Now that I've written a stored procedure to produce a well-formed XML document for an order, I need to write an application to send the order on its way to the warehouse for fulfillment. I can complete this step from a VB application that uses ADO to call the stored procedure and that loads the resulting XML in an ADO Stream object. I can then pass the XML in the Stream object to BizTalk Server by using the BizTalk Interchange.Submit method call with the name of the BizTalk Server channel to execute for this document. (The server channel is a named workflow that BizTalk Server executes when you submit the order.) The Interchange.Submit method call identifies the channel and the XML order in the ADO Stream object named adoOutStr. Listing 4, page 68, shows the VB code for retrieving the XML order document and sending it to BizTalk Server.
VB produces the XML results in a stream, so I use an ADO Stream object to store the XML. The ADO Command object functions in the standard way to execute a parameterized stored procedure, with the following exceptions. The Command object uses the .Properties property to direct the XML results to the Stream object, whose adExecuteStream option you set in the .Execute method to specify a stream output. A typical ADO Recordset doesn't require these properties and options. The Command object executes the stored procedure efficiently as an RPC in SQL Server as well. The remaining code calls the BizTalk COM interface to execute a BizTalk channel (called "Order Fulfillment Channel" for this example) that I defined to accept order documents and route them to the warehouse. I designed this standard VB .exe application to run on the same computer that runs BizTalk Server. In a production system, I would write this as a COM+ component to work in a distributed application so that I could take advantage of COM+'s manageability and scalability benefits.

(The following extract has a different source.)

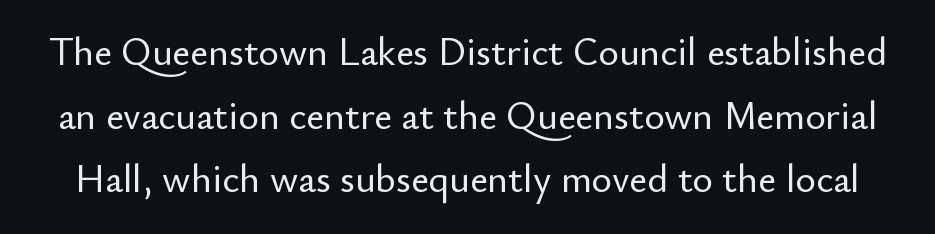
The image shows 39 px sans-serif type, upright; set normal line spacing (1.63x), normal letter spacing, not underlined; low stroke contrast and a small x-height.
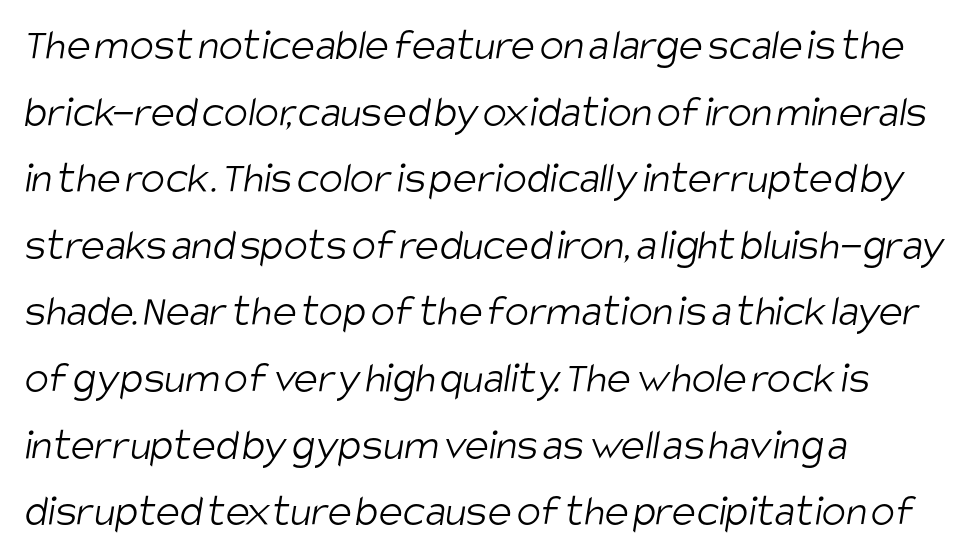
{"serif": "no", "bold": "no", "weight": "light", "width": "condensed", "stroke_contrast": "low", "x_height": "large", "monospaced": "no", "underline": "no", "align": "left", "line_spacing": "normal", "line_spacing_ratio": 1.48, "letter_spacing": "normal", "letter_spacing_em": 0.0, "glyph_px": 45}

SQL Server 2000's XML support opens up many interesting possibilities for developing solutions that require data in XML format. This article shows how to use the FOR XML clause to retrieve results as XML documents and how to use the FOR XML clause in EXPLICIT mode. With the help of the FOR XML clause, you can produce a well-formed XML document and forward it to another application in two fairly simple steps. Even better, you can accomplish this feat by using familiar programming techniques and avoid having to write a lot of XML-specific code.